### TASK BRIEF:
The expected output is an exact copy of the lines from the one containing "Q: Monospaced? A: No." to the final line below, minus any pictures.

GIVEN DATA Start Marker

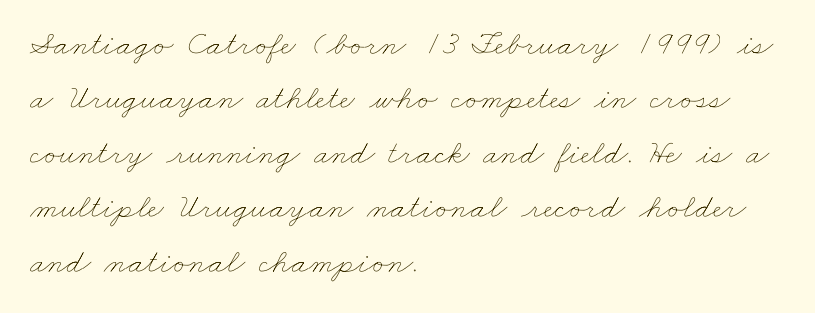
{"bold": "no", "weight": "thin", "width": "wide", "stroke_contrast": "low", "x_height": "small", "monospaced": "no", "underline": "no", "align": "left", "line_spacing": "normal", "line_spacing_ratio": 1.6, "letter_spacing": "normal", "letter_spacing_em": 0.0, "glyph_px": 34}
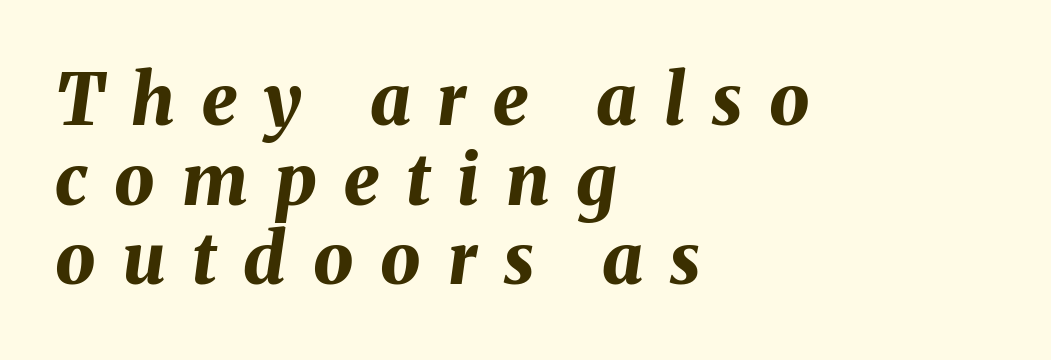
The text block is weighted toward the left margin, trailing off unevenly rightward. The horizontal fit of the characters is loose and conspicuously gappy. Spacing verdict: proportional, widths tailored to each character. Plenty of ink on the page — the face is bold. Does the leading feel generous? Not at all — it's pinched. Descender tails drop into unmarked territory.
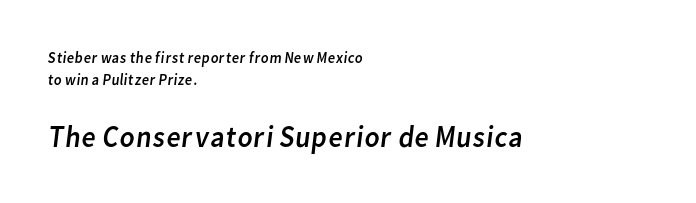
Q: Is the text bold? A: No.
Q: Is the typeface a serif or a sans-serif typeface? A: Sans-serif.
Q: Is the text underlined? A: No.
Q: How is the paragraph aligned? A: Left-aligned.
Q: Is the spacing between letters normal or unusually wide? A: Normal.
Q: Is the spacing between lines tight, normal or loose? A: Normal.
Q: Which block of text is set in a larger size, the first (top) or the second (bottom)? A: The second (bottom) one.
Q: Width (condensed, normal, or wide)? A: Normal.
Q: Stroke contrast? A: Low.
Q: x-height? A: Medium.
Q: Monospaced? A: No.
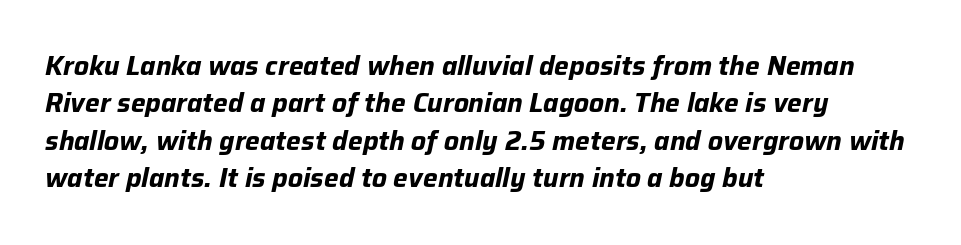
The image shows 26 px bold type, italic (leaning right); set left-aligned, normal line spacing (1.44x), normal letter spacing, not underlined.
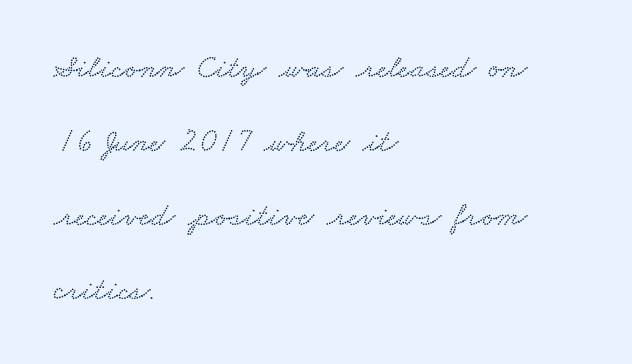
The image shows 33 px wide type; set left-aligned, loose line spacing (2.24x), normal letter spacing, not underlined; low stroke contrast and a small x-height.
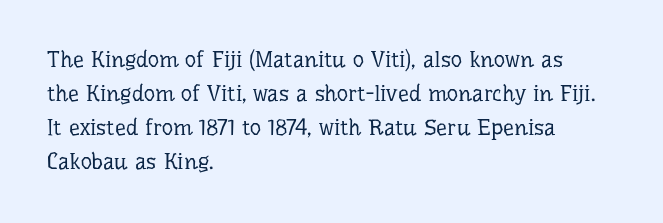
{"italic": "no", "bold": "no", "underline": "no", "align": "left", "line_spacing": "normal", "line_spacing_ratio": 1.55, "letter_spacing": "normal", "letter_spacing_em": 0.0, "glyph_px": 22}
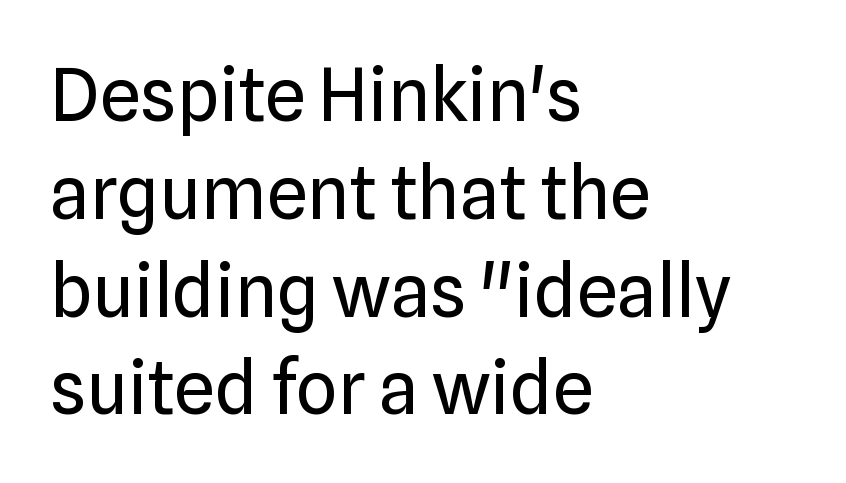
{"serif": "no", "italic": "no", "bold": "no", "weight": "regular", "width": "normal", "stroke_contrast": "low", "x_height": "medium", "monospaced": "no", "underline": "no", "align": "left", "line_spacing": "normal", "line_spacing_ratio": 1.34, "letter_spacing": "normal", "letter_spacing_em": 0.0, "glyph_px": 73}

GIVEN DATA End Marker

### ANSWER BELOW:
Q: Monospaced? A: No.
The image shows 26 px bold type, italic (leaning right); set left-aligned, normal line spacing (1.44x), normal letter spacing, not underlined.
The image shows 33 px wide type; set left-aligned, loose line spacing (2.24x), normal letter spacing, not underlined; low stroke contrast and a small x-height.
{"italic": "no", "bold": "no", "underline": "no", "align": "left", "line_spacing": "normal", "line_spacing_ratio": 1.55, "letter_spacing": "normal", "letter_spacing_em": 0.0, "glyph_px": 22}
{"serif": "no", "italic": "no", "bold": "no", "weight": "regular", "width": "normal", "stroke_contrast": "low", "x_height": "medium", "monospaced": "no", "underline": "no", "align": "left", "line_spacing": "normal", "line_spacing_ratio": 1.34, "letter_spacing": "normal", "letter_spacing_em": 0.0, "glyph_px": 73}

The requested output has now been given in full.